======== Available data ========
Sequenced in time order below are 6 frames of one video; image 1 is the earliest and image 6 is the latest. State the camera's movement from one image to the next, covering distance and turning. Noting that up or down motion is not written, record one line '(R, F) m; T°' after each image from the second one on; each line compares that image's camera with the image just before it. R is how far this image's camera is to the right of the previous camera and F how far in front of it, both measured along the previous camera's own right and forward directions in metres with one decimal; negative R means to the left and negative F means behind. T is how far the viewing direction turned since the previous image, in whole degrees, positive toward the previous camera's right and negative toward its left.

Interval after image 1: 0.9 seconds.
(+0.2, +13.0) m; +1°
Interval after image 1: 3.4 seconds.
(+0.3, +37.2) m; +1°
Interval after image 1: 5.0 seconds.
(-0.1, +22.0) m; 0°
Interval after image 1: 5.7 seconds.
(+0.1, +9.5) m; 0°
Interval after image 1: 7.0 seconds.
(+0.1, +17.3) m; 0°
========
======== Available data ========
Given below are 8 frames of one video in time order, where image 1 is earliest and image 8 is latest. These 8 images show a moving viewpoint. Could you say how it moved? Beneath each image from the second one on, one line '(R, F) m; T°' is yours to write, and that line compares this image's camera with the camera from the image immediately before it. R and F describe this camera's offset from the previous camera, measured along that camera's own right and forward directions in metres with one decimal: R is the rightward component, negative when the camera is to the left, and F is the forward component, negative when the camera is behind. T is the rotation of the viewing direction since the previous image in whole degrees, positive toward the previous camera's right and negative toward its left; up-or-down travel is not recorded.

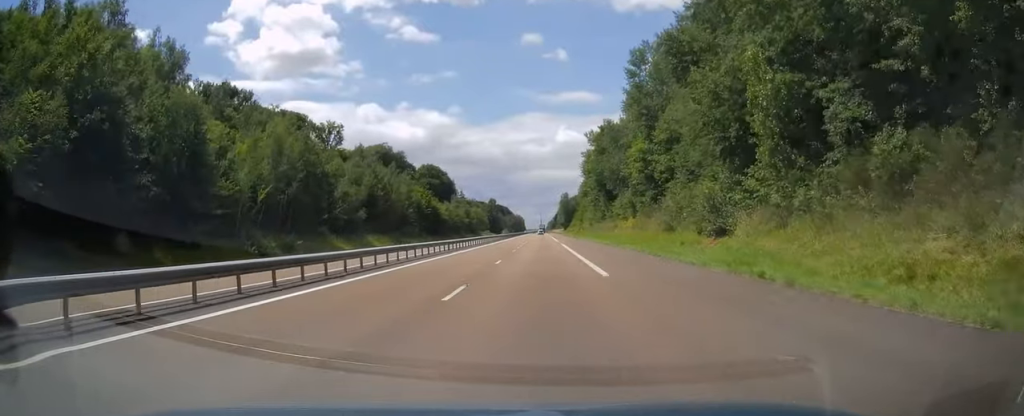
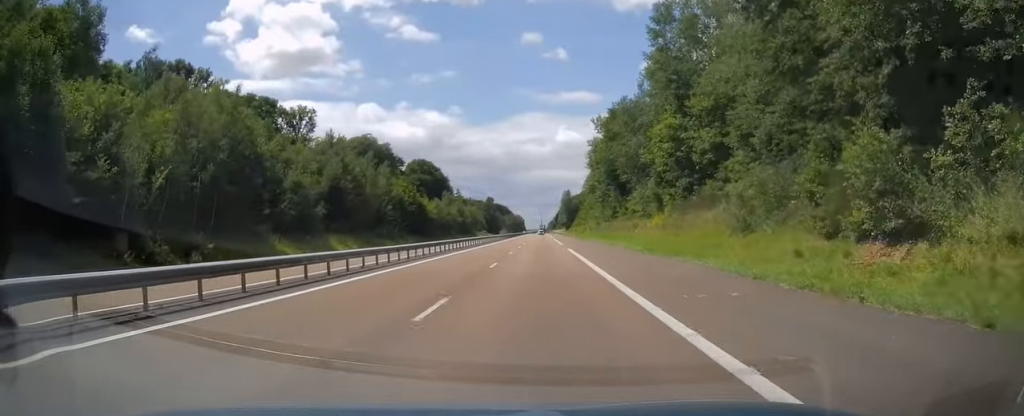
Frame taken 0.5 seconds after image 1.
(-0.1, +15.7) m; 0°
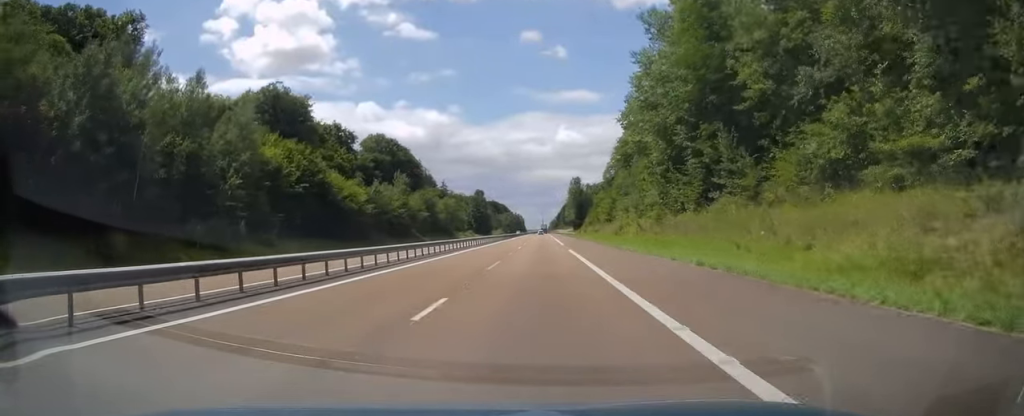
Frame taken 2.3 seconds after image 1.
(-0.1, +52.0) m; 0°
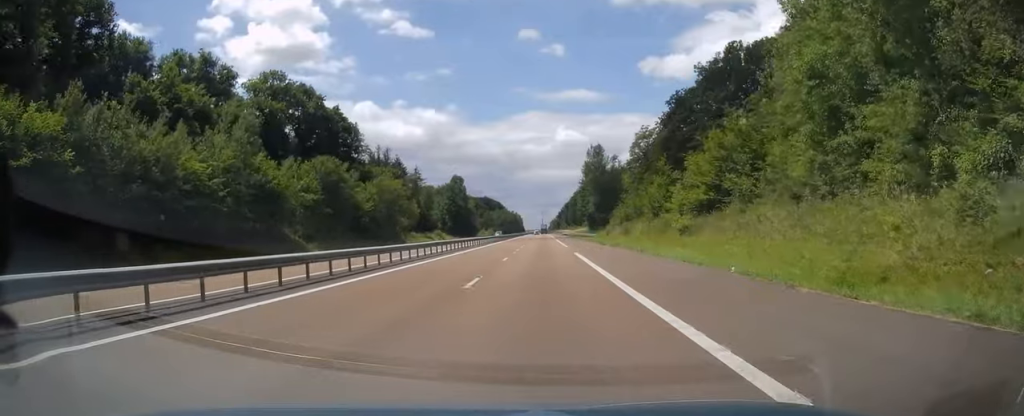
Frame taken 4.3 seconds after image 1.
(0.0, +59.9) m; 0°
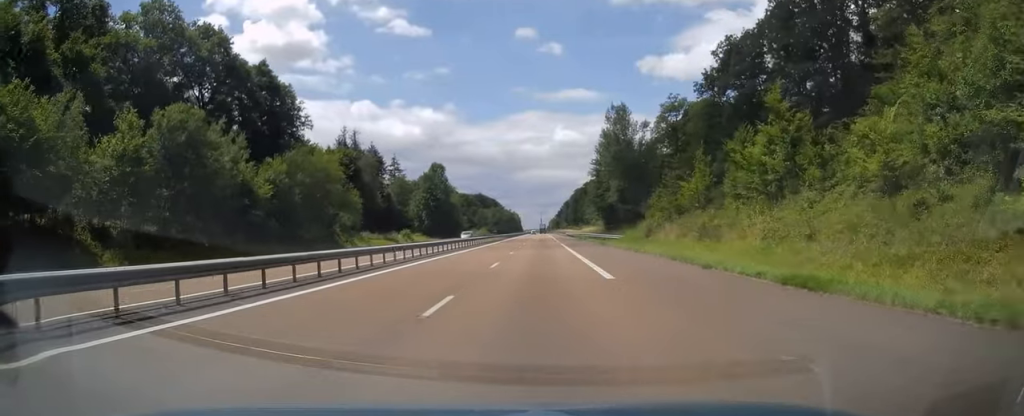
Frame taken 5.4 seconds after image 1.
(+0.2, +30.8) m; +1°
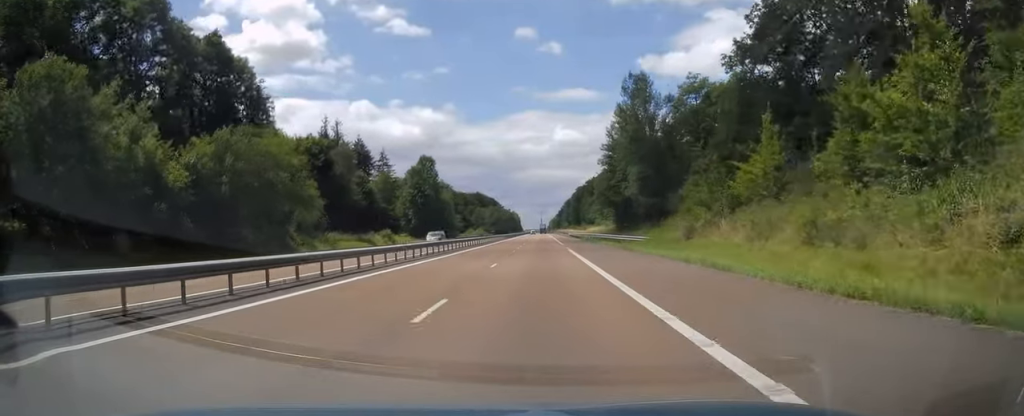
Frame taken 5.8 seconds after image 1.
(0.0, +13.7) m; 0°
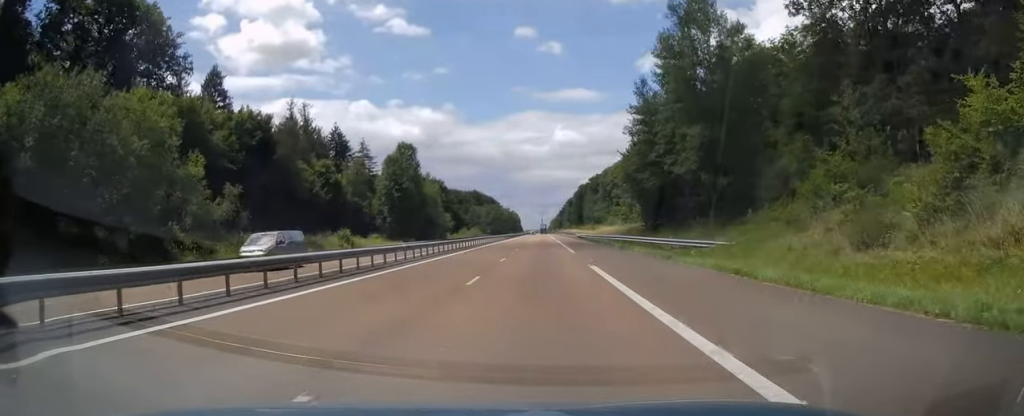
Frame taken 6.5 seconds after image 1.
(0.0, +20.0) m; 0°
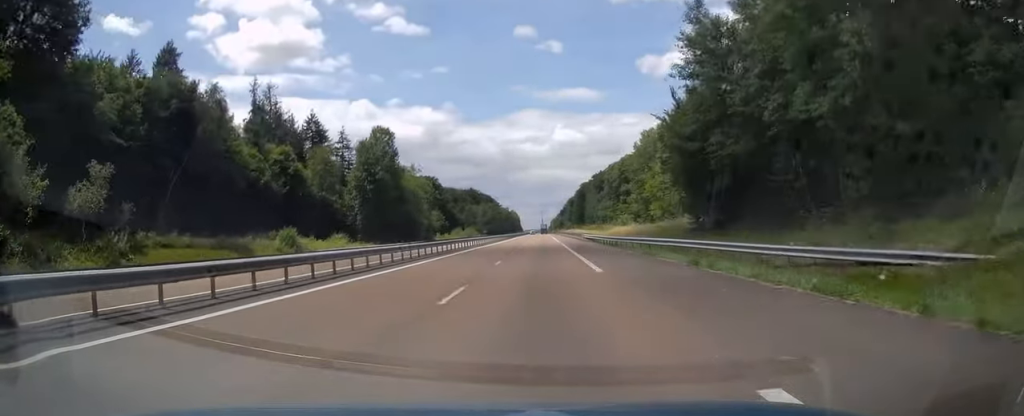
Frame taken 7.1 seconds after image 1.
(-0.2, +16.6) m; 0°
========
Try it:
Show every line in the entries where the string "compares" occurs.

Solution to this exercise:
Sequenced in time order below are 6 frames of one video; image 1 is the earliest and image 6 is the latest. State the camera's movement from one image to the next, covering distance and turning. Noting that up or down motion is not written, record one line '(R, F) m; T°' after each image from the second one on; each line compares that image's camera with the image just before it. R is how far this image's camera is to the right of the previous camera and F how far in front of it, both measured along the previous camera's own right and forward directions in metres with one decimal; negative R means to the left and negative F means behind. T is how far the viewing direction turned since the previous image, in whole degrees, positive toward the previous camera's right and negative toward its left.
Given below are 8 frames of one video in time order, where image 1 is earliest and image 8 is latest. These 8 images show a moving viewpoint. Could you say how it moved? Beneath each image from the second one on, one line '(R, F) m; T°' is yours to write, and that line compares this image's camera with the camera from the image immediately before it. R and F describe this camera's offset from the previous camera, measured along that camera's own right and forward directions in metres with one decimal: R is the rightward component, negative when the camera is to the left, and F is the forward component, negative when the camera is behind. T is the rotation of the viewing direction since the previous image in whole degrees, positive toward the previous camera's right and negative toward its left; up-or-down travel is not recorded.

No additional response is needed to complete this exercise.